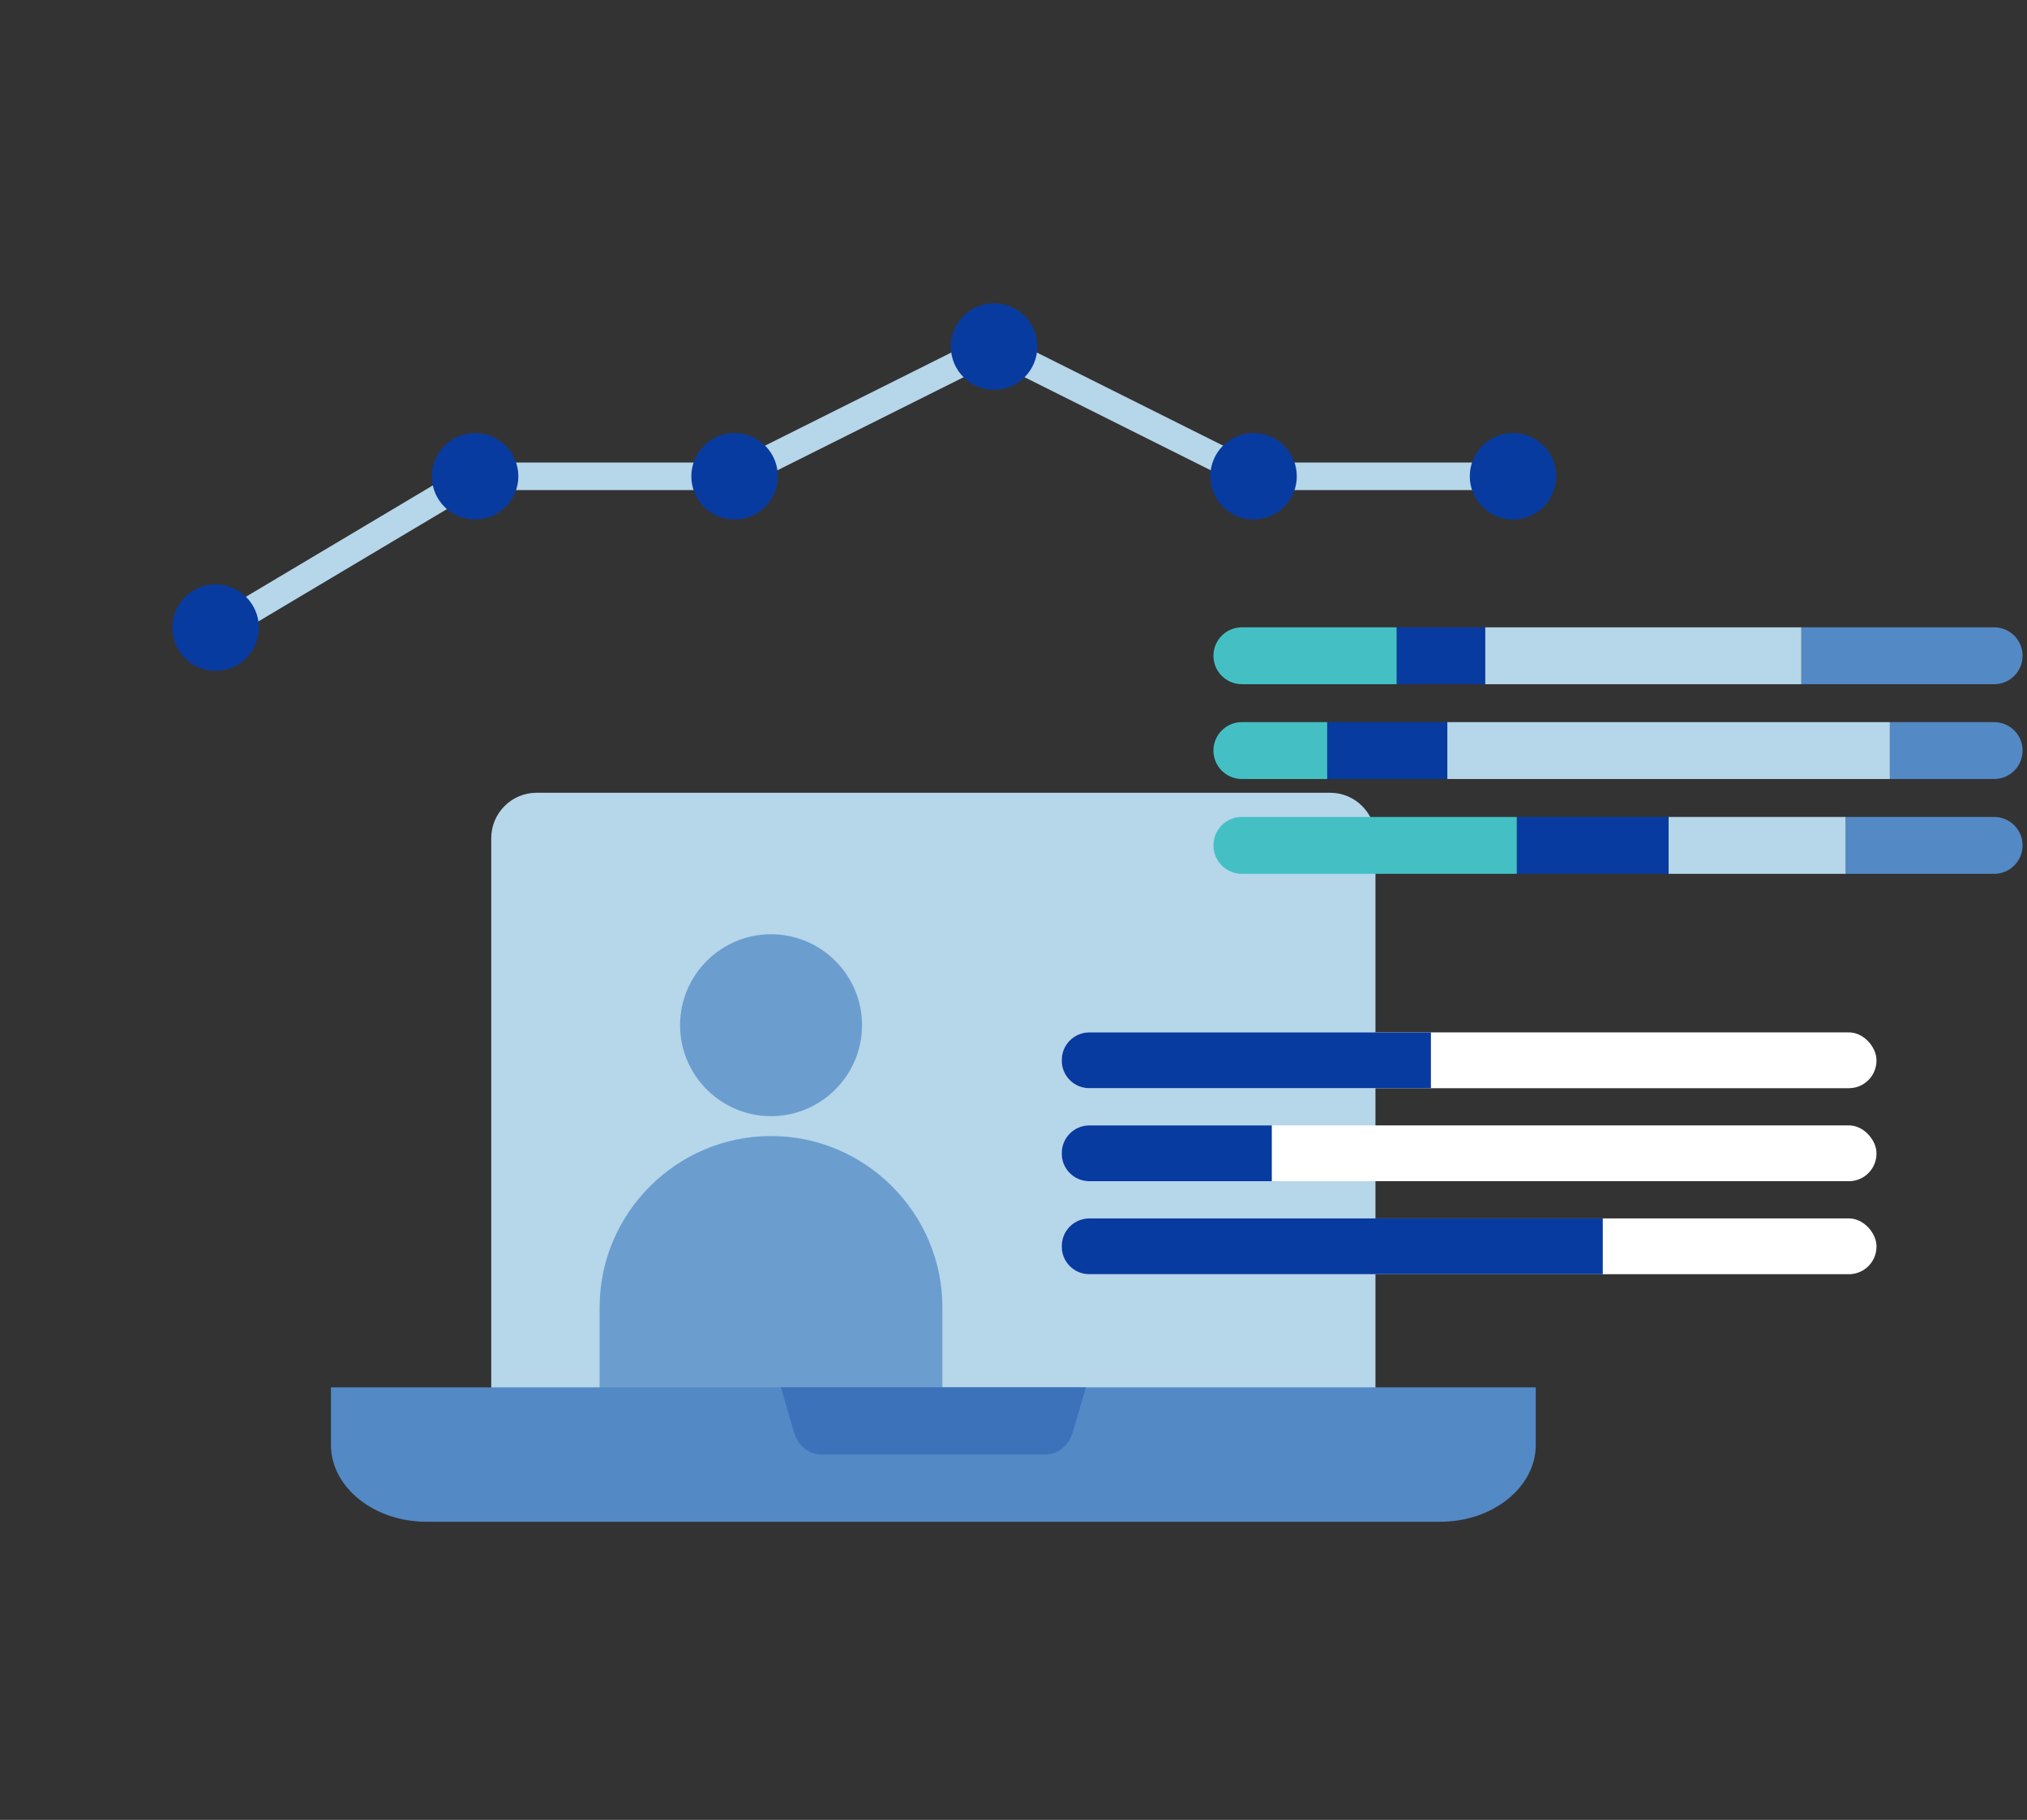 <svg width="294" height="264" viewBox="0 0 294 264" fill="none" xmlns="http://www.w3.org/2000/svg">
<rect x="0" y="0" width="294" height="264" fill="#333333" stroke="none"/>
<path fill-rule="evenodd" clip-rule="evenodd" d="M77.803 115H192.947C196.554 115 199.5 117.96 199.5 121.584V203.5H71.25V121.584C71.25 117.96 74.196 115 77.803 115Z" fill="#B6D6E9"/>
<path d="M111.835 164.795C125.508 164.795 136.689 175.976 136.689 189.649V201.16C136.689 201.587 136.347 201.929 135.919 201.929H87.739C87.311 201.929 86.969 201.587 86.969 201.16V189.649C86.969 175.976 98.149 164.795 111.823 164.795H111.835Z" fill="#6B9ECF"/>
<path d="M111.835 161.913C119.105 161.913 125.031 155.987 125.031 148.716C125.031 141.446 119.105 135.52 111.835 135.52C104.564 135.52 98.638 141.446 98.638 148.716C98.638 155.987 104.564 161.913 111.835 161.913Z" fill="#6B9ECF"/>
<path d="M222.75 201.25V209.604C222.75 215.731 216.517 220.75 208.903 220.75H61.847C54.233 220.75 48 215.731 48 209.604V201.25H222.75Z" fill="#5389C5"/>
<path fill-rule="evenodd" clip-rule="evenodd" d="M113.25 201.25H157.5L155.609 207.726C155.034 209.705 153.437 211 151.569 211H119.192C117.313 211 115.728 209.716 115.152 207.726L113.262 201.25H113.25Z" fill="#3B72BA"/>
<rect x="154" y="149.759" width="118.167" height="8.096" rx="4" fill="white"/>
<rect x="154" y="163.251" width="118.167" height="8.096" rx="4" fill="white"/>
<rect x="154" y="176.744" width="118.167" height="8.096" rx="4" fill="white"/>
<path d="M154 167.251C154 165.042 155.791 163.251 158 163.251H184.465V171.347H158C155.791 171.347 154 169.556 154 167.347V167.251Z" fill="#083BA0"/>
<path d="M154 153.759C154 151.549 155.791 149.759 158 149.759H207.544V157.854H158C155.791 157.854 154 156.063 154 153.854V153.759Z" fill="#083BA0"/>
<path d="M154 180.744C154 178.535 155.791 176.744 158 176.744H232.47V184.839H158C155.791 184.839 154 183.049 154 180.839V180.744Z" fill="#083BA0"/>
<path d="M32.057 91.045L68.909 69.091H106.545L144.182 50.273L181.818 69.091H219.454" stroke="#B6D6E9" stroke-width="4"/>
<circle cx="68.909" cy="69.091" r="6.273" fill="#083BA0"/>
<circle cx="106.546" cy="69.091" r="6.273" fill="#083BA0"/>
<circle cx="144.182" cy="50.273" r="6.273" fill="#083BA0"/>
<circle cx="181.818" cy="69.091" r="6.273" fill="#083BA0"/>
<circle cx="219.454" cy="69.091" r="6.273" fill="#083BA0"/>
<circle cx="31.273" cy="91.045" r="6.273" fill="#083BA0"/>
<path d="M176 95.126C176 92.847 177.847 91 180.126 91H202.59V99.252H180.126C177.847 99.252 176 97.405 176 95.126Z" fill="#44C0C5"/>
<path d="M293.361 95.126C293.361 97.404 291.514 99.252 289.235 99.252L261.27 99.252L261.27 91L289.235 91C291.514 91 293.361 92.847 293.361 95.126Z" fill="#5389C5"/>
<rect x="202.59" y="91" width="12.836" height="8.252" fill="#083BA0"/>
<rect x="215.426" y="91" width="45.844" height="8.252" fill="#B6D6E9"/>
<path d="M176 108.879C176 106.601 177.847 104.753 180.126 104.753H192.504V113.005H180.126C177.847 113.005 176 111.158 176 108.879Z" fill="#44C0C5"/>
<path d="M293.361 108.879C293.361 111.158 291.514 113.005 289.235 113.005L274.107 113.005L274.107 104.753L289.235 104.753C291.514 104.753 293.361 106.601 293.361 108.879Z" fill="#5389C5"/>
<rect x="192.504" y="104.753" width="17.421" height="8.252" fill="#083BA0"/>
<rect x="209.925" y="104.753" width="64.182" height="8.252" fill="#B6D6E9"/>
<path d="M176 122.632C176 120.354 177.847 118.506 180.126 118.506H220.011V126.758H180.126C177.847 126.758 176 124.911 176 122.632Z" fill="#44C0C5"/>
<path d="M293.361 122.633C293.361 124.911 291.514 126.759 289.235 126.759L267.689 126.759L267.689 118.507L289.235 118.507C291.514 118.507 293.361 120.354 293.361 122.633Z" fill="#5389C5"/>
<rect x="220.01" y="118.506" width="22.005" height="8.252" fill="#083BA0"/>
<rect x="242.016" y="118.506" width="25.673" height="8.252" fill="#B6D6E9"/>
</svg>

● ● ● ● ● ● ●

**EXERCISE DESCRIPTION:**
With the pictures set aside, write out the whole listing exactly.

**TASK RESPONSE:**
 <svg width="294" height="264" viewBox="0 0 294 264" fill="none" xmlns="http://www.w3.org/2000/svg">
<rect x="0" y="0" width="294" height="264" fill="#333333" stroke="none"/>
<path fill-rule="evenodd" clip-rule="evenodd" d="M77.803 115H192.947C196.554 115 199.5 117.96 199.5 121.584V203.5H71.25V121.584C71.25 117.96 74.196 115 77.803 115Z" fill="#B6D6E9"/>
<path d="M111.835 164.795C125.508 164.795 136.689 175.976 136.689 189.649V201.16C136.689 201.587 136.347 201.929 135.919 201.929H87.739C87.311 201.929 86.969 201.587 86.969 201.16V189.649C86.969 175.976 98.149 164.795 111.823 164.795H111.835Z" fill="#6B9ECF"/>
<path d="M111.835 161.913C119.105 161.913 125.031 155.987 125.031 148.716C125.031 141.446 119.105 135.52 111.835 135.52C104.564 135.52 98.638 141.446 98.638 148.716C98.638 155.987 104.564 161.913 111.835 161.913Z" fill="#6B9ECF"/>
<path d="M222.75 201.25V209.604C222.75 215.731 216.517 220.75 208.903 220.75H61.847C54.233 220.75 48 215.731 48 209.604V201.25H222.75Z" fill="#5389C5"/>
<path fill-rule="evenodd" clip-rule="evenodd" d="M113.25 201.25H157.5L155.609 207.726C155.034 209.705 153.437 211 151.569 211H119.192C117.313 211 115.728 209.716 115.152 207.726L113.262 201.25H113.25Z" fill="#3B72BA"/>
<rect x="154" y="149.759" width="118.167" height="8.096" rx="4" fill="white"/>
<rect x="154" y="163.251" width="118.167" height="8.096" rx="4" fill="white"/>
<rect x="154" y="176.744" width="118.167" height="8.096" rx="4" fill="white"/>
<path d="M154 167.251C154 165.042 155.791 163.251 158 163.251H184.465V171.347H158C155.791 171.347 154 169.556 154 167.347V167.251Z" fill="#083BA0"/>
<path d="M154 153.759C154 151.549 155.791 149.759 158 149.759H207.544V157.854H158C155.791 157.854 154 156.063 154 153.854V153.759Z" fill="#083BA0"/>
<path d="M154 180.744C154 178.535 155.791 176.744 158 176.744H232.47V184.839H158C155.791 184.839 154 183.049 154 180.839V180.744Z" fill="#083BA0"/>
<path d="M32.057 91.045L68.909 69.091H106.545L144.182 50.273L181.818 69.091H219.454" stroke="#B6D6E9" stroke-width="4"/>
<circle cx="68.909" cy="69.091" r="6.273" fill="#083BA0"/>
<circle cx="106.546" cy="69.091" r="6.273" fill="#083BA0"/>
<circle cx="144.182" cy="50.273" r="6.273" fill="#083BA0"/>
<circle cx="181.818" cy="69.091" r="6.273" fill="#083BA0"/>
<circle cx="219.454" cy="69.091" r="6.273" fill="#083BA0"/>
<circle cx="31.273" cy="91.045" r="6.273" fill="#083BA0"/>
<path d="M176 95.126C176 92.847 177.847 91 180.126 91H202.59V99.252H180.126C177.847 99.252 176 97.405 176 95.126Z" fill="#44C0C5"/>
<path d="M293.361 95.126C293.361 97.404 291.514 99.252 289.235 99.252L261.27 99.252L261.27 91L289.235 91C291.514 91 293.361 92.847 293.361 95.126Z" fill="#5389C5"/>
<rect x="202.59" y="91" width="12.836" height="8.252" fill="#083BA0"/>
<rect x="215.426" y="91" width="45.844" height="8.252" fill="#B6D6E9"/>
<path d="M176 108.879C176 106.601 177.847 104.753 180.126 104.753H192.504V113.005H180.126C177.847 113.005 176 111.158 176 108.879Z" fill="#44C0C5"/>
<path d="M293.361 108.879C293.361 111.158 291.514 113.005 289.235 113.005L274.107 113.005L274.107 104.753L289.235 104.753C291.514 104.753 293.361 106.601 293.361 108.879Z" fill="#5389C5"/>
<rect x="192.504" y="104.753" width="17.421" height="8.252" fill="#083BA0"/>
<rect x="209.925" y="104.753" width="64.182" height="8.252" fill="#B6D6E9"/>
<path d="M176 122.632C176 120.354 177.847 118.506 180.126 118.506H220.011V126.758H180.126C177.847 126.758 176 124.911 176 122.632Z" fill="#44C0C5"/>
<path d="M293.361 122.633C293.361 124.911 291.514 126.759 289.235 126.759L267.689 126.759L267.689 118.507L289.235 118.507C291.514 118.507 293.361 120.354 293.361 122.633Z" fill="#5389C5"/>
<rect x="220.01" y="118.506" width="22.005" height="8.252" fill="#083BA0"/>
<rect x="242.016" y="118.506" width="25.673" height="8.252" fill="#B6D6E9"/>
</svg>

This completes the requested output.